(TASK OBJECTIVE): Where a picture occurs in the data, omit it, and copy all remaining data exactly.

Stored records
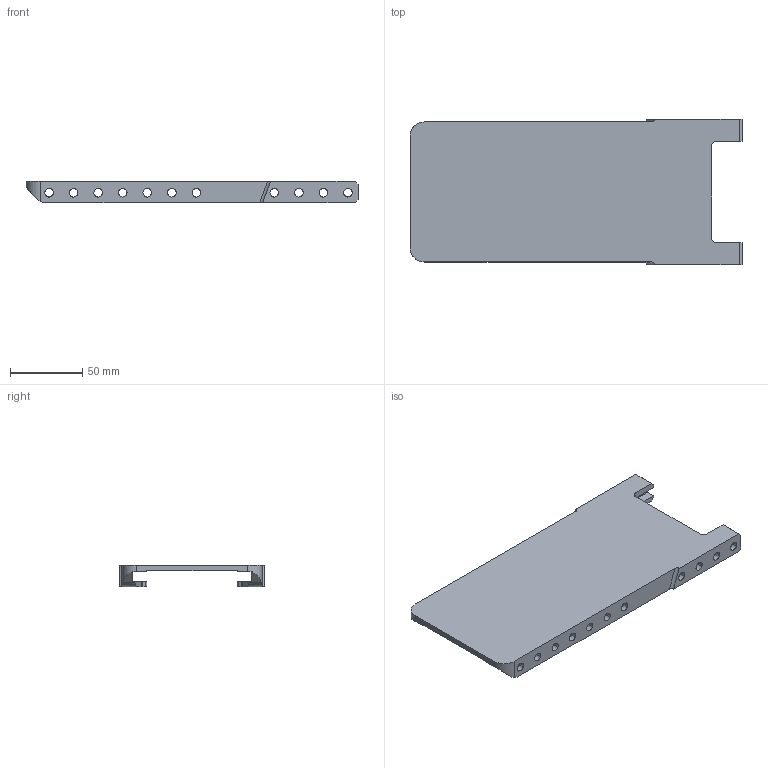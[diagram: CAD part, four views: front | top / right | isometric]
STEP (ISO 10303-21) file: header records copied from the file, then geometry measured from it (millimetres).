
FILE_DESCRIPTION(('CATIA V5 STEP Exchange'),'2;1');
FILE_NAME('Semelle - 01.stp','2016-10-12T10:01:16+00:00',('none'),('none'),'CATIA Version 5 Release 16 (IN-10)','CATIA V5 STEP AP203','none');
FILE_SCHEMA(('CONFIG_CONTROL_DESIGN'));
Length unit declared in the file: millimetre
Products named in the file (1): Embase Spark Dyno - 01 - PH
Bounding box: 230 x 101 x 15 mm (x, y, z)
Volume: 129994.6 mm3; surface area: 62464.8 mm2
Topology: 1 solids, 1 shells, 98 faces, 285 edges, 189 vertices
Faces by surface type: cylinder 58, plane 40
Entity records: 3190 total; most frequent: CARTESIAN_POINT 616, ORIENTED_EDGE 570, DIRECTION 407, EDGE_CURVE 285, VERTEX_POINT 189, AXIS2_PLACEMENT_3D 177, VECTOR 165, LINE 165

(EXPECTED ANSWER):
[diagram: CAD part, four views: front | top / right | isometric]
STEP (ISO 10303-21) file: header records copied from the file, then geometry measured from it (millimetres).
FILE_DESCRIPTION(('CATIA V5 STEP Exchange'),'2;1');
FILE_NAME('Semelle - 01.stp','2016-10-12T10:01:16+00:00',('none'),('none'),'CATIA Version 5 Release 16 (IN-10)','CATIA V5 STEP AP203','none');
FILE_SCHEMA(('CONFIG_CONTROL_DESIGN'));
Length unit declared in the file: millimetre
Products named in the file (1): Embase Spark Dyno - 01 - PH
Bounding box: 230 x 101 x 15 mm (x, y, z)
Volume: 129994.6 mm3; surface area: 62464.8 mm2
Topology: 1 solids, 1 shells, 98 faces, 285 edges, 189 vertices
Faces by surface type: cylinder 58, plane 40
Entity records: 3190 total; most frequent: CARTESIAN_POINT 616, ORIENTED_EDGE 570, DIRECTION 407, EDGE_CURVE 285, VERTEX_POINT 189, AXIS2_PLACEMENT_3D 177, VECTOR 165, LINE 165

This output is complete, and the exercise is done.